What you are asked to do: Please print the records below exactly as they are.
*** Opening Available records ***
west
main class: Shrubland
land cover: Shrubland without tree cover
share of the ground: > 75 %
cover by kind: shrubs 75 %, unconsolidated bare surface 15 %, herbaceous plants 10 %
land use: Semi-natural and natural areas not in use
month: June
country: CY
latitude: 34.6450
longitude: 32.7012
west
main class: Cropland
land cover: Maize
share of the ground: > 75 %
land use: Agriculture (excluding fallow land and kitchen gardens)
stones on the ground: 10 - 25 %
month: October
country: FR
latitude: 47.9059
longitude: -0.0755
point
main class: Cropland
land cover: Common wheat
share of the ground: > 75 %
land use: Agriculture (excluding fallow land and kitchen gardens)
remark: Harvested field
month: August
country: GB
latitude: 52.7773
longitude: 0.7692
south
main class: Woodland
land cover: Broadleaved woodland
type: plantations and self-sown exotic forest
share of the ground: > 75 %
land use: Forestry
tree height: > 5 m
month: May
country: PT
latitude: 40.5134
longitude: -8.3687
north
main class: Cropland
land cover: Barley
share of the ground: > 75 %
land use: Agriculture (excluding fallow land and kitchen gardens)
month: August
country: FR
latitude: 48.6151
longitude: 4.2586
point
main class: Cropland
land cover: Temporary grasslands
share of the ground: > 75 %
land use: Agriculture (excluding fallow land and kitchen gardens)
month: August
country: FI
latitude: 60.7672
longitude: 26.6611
*** Closing Available records ***
Exercise answer:
west
main class: Shrubland
land cover: Shrubland without tree cover
share of the ground: > 75 %
cover by kind: shrubs 75 %, unconsolidated bare surface 15 %, herbaceous plants 10 %
land use: Semi-natural and natural areas not in use
month: June
country: CY
latitude: 34.6450
longitude: 32.7012
west
main class: Cropland
land cover: Maize
share of the ground: > 75 %
land use: Agriculture (excluding fallow land and kitchen gardens)
stones on the ground: 10 - 25 %
month: October
country: FR
latitude: 47.9059
longitude: -0.0755
point
main class: Cropland
land cover: Common wheat
share of the ground: > 75 %
land use: Agriculture (excluding fallow land and kitchen gardens)
remark: Harvested field
month: August
country: GB
latitude: 52.7773
longitude: 0.7692
south
main class: Woodland
land cover: Broadleaved woodland
type: plantations and self-sown exotic forest
share of the ground: > 75 %
land use: Forestry
tree height: > 5 m
month: May
country: PT
latitude: 40.5134
longitude: -8.3687
north
main class: Cropland
land cover: Barley
share of the ground: > 75 %
land use: Agriculture (excluding fallow land and kitchen gardens)
month: August
country: FR
latitude: 48.6151
longitude: 4.2586
point
main class: Cropland
land cover: Temporary grasslands
share of the ground: > 75 %
land use: Agriculture (excluding fallow land and kitchen gardens)
month: August
country: FI
latitude: 60.7672
longitude: 26.6611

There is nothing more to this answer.